» **Work instruction**
Of the lines in the data below, count the ones holding the string "brown", and answer with that number only.
Segment Start: Provided data
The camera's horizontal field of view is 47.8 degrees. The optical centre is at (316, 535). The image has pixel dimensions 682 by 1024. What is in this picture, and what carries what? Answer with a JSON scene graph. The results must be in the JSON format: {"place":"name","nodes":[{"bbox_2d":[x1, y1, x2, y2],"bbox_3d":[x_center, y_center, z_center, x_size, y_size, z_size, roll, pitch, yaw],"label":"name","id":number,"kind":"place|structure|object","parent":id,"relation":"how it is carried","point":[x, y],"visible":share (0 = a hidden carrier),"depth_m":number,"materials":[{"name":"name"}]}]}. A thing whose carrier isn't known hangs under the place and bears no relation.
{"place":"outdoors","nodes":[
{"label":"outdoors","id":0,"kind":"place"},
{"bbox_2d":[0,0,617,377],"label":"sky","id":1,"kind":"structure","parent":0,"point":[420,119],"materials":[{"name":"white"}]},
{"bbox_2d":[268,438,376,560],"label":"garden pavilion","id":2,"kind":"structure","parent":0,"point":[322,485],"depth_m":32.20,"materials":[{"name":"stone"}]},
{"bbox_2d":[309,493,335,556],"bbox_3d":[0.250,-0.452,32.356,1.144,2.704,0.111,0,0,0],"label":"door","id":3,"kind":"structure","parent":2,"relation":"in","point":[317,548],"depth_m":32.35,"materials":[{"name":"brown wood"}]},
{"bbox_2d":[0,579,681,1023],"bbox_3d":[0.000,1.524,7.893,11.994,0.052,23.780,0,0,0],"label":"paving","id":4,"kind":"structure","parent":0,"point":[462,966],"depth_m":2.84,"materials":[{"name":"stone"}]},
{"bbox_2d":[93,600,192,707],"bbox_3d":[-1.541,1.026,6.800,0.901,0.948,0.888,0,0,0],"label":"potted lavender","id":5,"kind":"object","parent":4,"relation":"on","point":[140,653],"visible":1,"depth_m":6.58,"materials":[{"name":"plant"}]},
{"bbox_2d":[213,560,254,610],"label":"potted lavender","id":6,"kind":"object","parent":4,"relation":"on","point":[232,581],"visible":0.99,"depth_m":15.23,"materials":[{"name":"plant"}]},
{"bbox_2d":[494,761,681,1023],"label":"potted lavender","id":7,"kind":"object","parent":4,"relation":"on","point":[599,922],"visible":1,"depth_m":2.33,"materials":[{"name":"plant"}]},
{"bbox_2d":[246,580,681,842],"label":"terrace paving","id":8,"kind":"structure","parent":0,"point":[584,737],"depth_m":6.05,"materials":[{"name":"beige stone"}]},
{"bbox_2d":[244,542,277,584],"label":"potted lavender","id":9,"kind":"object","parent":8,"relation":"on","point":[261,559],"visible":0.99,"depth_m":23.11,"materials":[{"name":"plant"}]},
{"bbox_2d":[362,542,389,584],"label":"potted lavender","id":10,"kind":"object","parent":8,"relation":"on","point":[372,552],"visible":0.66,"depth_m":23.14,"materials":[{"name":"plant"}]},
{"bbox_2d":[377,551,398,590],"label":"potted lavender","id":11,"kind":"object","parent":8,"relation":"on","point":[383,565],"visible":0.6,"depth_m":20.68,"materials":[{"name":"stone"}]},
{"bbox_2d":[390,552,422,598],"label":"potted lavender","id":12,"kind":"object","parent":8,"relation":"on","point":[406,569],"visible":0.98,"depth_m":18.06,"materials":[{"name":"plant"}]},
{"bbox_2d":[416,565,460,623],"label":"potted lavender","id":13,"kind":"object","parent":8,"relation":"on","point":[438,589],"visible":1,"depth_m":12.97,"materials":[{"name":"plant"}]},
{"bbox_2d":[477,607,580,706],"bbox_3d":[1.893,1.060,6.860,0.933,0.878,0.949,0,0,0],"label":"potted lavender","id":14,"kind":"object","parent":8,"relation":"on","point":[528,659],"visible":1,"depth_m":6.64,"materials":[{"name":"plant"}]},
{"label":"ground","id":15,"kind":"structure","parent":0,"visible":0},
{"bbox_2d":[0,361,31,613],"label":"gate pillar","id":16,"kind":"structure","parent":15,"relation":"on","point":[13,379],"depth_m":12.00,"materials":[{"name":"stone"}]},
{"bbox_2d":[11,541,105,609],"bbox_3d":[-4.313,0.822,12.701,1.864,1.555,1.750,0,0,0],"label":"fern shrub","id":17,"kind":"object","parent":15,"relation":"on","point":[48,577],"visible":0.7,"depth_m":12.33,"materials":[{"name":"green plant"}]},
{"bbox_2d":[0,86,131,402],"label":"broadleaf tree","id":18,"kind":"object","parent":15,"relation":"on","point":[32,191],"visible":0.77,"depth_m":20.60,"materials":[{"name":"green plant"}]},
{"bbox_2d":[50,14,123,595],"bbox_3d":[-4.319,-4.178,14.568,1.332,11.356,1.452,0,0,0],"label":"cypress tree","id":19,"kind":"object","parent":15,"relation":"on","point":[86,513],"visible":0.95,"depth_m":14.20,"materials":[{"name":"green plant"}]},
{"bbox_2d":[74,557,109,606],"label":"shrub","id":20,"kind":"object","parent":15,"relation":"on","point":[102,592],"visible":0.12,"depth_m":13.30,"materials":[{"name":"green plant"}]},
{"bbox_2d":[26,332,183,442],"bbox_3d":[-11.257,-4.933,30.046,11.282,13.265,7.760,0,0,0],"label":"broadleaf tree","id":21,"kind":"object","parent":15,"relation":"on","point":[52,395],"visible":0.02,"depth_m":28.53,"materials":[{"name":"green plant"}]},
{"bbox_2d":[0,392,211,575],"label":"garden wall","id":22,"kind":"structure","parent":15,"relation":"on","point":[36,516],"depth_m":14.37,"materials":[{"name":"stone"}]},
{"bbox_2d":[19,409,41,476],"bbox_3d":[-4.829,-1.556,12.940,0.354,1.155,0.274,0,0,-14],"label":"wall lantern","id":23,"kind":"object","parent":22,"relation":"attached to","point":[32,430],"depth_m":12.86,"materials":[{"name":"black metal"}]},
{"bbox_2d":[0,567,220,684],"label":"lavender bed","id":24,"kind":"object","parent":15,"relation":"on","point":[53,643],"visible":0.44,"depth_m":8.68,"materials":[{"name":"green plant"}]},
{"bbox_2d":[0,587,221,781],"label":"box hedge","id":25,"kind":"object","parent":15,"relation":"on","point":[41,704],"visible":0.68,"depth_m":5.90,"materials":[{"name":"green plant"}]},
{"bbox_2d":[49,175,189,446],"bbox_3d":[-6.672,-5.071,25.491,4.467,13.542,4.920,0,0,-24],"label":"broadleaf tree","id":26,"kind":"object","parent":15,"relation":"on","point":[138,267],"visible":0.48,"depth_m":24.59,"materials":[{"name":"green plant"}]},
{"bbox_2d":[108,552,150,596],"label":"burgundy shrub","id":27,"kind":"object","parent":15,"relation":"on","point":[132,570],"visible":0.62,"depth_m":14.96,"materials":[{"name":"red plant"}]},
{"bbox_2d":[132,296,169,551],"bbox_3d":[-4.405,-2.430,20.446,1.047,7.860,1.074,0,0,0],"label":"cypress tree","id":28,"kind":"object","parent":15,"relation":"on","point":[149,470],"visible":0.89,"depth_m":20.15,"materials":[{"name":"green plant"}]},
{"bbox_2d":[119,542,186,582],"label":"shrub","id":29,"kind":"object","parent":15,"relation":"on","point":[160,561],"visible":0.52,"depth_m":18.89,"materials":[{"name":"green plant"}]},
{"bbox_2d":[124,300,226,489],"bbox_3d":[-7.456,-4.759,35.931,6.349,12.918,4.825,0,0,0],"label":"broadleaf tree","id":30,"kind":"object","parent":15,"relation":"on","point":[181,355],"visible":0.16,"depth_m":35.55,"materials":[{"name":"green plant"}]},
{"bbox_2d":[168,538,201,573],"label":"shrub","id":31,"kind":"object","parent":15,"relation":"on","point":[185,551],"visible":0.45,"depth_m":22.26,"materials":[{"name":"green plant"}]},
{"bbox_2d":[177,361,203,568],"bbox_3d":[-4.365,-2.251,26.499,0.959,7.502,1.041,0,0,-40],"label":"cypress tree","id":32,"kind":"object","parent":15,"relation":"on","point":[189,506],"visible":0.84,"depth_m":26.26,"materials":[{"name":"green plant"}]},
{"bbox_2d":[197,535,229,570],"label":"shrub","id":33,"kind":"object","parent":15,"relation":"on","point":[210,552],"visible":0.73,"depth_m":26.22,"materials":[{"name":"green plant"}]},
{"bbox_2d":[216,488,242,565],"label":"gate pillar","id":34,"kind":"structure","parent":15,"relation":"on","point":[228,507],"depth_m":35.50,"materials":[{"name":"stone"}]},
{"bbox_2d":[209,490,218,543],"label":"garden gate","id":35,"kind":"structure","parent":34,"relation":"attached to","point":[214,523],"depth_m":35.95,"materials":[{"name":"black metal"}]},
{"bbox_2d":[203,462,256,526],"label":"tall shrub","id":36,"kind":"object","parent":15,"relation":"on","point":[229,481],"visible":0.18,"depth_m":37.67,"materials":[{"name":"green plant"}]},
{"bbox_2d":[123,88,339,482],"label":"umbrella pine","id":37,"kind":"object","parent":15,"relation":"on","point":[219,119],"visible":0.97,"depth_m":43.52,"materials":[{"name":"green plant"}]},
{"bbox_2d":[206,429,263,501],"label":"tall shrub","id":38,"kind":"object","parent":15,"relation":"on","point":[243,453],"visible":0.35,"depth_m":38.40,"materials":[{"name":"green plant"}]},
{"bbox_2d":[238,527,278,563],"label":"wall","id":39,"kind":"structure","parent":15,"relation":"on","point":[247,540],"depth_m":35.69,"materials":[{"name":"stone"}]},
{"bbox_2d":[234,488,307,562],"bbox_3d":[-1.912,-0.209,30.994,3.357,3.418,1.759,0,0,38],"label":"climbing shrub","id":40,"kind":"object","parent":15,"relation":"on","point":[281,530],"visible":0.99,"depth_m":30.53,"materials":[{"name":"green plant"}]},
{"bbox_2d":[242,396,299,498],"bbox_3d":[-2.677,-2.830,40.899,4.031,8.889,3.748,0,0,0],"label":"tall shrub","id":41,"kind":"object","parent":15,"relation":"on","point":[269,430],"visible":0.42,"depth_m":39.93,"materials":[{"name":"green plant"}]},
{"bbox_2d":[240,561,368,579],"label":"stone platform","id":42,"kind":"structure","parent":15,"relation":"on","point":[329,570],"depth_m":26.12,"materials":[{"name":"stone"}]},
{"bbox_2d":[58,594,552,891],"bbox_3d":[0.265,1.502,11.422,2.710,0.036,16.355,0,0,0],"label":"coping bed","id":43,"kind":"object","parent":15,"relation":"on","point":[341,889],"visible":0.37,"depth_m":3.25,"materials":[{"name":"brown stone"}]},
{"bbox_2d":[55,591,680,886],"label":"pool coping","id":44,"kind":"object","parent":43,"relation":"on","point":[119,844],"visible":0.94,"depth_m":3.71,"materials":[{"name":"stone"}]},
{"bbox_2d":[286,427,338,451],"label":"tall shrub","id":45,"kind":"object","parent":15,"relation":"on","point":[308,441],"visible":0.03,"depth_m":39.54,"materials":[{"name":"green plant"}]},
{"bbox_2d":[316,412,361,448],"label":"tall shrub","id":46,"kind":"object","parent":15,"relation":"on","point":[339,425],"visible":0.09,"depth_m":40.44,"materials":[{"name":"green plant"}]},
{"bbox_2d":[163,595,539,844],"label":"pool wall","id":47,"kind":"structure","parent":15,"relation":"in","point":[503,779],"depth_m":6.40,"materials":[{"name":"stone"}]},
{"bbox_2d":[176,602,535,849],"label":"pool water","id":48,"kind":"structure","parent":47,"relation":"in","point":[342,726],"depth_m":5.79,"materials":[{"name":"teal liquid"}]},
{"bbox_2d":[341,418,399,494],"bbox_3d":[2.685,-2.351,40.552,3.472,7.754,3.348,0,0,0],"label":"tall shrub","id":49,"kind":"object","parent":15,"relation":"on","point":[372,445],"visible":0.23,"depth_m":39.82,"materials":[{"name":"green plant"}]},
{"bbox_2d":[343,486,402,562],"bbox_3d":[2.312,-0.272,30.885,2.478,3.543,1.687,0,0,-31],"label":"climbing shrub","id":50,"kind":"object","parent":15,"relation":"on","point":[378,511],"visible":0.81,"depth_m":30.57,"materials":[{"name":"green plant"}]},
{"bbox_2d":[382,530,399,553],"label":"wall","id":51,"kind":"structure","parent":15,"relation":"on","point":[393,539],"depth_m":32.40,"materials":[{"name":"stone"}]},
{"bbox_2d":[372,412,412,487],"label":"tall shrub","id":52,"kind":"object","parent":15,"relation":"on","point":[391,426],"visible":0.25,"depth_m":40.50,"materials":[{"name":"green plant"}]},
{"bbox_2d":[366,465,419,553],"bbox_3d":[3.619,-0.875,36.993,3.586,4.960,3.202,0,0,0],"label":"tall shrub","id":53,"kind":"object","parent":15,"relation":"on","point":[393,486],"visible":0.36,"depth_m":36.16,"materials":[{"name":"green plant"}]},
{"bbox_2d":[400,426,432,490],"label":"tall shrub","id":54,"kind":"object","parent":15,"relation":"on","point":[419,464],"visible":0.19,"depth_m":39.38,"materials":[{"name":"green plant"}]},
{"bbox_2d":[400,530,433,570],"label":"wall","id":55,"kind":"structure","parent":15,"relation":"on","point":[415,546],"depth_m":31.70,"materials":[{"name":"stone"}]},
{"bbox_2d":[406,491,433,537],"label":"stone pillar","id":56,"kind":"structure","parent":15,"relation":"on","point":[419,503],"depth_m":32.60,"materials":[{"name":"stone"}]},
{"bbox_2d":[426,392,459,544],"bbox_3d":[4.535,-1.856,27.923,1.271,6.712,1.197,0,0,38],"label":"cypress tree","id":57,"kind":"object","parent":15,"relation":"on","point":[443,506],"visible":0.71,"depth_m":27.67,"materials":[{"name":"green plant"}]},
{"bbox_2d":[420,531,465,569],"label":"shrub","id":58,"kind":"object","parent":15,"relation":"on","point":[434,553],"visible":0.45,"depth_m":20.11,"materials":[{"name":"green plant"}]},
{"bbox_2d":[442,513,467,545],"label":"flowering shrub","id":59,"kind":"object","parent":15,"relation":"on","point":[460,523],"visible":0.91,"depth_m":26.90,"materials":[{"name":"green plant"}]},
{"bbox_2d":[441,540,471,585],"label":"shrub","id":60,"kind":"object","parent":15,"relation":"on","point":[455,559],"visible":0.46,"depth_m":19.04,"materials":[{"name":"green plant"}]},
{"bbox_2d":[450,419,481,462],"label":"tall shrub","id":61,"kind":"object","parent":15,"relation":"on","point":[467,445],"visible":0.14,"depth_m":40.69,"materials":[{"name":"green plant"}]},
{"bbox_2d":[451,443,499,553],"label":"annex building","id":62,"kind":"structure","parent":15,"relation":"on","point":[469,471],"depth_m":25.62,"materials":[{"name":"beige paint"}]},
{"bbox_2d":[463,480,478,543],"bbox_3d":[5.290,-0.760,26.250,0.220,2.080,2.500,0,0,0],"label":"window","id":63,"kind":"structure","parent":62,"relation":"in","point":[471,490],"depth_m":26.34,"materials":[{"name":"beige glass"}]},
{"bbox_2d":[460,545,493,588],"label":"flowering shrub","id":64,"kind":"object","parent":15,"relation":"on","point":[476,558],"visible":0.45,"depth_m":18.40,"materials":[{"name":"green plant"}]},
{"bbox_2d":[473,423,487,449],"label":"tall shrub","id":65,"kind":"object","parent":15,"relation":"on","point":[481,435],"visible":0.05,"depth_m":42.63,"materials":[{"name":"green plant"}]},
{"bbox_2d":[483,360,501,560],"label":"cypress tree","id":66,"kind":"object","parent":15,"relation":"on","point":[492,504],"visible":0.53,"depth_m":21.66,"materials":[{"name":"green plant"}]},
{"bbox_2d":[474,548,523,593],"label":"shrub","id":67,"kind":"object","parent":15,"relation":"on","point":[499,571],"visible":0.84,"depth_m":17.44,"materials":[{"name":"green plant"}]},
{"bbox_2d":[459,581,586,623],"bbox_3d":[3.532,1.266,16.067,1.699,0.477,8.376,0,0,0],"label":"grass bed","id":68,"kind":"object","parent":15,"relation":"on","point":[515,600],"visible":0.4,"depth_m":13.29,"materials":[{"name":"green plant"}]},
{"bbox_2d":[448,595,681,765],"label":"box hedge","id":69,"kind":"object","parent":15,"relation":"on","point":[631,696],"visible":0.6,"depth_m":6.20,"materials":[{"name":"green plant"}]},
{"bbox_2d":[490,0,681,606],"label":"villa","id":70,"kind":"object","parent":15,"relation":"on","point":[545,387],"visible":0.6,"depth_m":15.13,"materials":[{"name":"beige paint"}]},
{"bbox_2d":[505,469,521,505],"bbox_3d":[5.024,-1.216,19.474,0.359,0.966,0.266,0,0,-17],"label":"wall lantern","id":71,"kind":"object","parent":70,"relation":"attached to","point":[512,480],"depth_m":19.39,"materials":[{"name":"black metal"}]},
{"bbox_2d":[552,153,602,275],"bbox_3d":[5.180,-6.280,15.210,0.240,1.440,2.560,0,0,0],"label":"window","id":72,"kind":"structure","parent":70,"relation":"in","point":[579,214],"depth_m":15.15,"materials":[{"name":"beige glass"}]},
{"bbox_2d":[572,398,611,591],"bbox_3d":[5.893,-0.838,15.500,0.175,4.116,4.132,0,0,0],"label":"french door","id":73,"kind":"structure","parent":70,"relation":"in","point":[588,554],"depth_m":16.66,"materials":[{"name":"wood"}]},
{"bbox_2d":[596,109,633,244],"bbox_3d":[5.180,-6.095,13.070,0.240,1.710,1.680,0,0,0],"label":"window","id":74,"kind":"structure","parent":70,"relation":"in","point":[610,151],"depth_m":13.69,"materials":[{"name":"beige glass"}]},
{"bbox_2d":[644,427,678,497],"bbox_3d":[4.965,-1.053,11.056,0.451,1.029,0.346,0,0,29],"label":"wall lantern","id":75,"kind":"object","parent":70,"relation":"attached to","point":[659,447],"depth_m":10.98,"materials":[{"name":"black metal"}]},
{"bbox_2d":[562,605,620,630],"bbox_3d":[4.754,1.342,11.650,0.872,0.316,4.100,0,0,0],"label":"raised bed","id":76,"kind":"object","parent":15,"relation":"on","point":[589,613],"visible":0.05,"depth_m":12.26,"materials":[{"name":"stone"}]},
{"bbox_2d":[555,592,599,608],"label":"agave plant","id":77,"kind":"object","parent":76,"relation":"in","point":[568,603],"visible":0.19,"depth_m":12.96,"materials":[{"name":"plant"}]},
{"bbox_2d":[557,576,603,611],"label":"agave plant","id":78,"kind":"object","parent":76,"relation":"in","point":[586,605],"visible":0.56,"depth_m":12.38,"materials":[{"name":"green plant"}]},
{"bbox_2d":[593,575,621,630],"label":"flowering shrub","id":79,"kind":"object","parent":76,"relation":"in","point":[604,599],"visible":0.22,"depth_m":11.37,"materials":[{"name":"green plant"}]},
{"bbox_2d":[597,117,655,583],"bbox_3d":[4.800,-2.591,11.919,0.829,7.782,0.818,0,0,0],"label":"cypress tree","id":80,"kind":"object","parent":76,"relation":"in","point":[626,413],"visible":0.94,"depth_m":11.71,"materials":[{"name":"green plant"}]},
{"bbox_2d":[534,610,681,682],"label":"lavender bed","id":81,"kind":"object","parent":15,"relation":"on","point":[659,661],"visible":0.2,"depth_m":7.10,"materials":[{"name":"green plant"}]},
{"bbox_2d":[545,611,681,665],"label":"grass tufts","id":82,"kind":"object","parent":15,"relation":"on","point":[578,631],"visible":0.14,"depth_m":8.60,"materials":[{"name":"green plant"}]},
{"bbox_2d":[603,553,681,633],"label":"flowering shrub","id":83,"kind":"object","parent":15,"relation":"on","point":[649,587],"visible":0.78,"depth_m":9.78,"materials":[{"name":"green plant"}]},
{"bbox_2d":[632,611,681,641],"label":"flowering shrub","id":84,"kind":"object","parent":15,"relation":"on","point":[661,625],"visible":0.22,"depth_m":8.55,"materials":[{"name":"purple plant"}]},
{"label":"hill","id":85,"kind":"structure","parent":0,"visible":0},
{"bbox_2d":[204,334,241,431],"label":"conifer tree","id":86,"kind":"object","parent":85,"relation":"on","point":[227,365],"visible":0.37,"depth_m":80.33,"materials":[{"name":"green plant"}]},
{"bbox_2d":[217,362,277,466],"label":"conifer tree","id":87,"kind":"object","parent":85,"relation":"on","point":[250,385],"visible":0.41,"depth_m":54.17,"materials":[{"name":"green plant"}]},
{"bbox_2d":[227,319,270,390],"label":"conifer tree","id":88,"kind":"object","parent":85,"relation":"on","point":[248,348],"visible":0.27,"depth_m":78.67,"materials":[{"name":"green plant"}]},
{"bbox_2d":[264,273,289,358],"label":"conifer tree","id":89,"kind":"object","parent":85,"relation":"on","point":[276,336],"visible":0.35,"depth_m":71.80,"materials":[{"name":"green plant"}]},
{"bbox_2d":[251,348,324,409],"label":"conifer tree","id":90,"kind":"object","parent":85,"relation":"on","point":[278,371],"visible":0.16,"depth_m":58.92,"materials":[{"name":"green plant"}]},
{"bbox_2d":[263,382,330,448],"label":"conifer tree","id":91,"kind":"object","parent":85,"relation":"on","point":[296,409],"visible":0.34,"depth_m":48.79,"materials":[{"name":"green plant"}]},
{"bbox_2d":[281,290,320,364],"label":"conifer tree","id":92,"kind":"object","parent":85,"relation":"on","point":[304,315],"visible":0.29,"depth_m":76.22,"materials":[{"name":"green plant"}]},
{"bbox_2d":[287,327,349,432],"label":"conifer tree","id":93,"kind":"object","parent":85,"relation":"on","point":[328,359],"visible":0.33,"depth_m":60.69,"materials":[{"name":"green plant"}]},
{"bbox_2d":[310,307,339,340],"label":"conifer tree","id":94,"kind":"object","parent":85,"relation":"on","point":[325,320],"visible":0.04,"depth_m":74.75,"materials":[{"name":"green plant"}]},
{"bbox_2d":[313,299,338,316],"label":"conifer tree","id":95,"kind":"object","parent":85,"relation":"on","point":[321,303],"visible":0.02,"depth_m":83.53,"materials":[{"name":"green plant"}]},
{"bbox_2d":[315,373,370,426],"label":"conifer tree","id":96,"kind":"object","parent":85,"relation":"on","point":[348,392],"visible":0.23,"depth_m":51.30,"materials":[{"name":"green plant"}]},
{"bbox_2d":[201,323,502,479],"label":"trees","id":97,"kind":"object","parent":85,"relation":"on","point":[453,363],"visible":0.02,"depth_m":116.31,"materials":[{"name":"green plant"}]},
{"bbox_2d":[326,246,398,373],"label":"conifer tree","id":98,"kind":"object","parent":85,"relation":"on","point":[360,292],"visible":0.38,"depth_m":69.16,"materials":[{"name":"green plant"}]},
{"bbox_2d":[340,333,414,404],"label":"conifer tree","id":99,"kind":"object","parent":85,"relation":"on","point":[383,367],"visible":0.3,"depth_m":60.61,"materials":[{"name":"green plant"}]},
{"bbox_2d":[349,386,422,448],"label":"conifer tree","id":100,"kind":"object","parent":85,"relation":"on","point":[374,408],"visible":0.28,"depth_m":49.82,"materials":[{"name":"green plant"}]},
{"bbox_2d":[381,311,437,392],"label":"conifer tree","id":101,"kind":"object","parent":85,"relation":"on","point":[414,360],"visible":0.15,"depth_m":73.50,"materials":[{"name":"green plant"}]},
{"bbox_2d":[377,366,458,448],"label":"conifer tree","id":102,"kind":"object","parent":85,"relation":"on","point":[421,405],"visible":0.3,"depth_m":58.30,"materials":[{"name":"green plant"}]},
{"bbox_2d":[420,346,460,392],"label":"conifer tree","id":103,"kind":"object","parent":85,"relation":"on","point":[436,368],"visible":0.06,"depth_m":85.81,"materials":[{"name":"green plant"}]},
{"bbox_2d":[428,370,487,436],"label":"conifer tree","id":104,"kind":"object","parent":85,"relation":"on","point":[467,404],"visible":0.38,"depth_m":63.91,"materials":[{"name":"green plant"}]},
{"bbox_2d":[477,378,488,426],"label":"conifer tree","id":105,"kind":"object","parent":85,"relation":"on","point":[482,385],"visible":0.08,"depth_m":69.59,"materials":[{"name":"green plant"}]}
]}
Segment End: Provided data
» **Problem solution**
2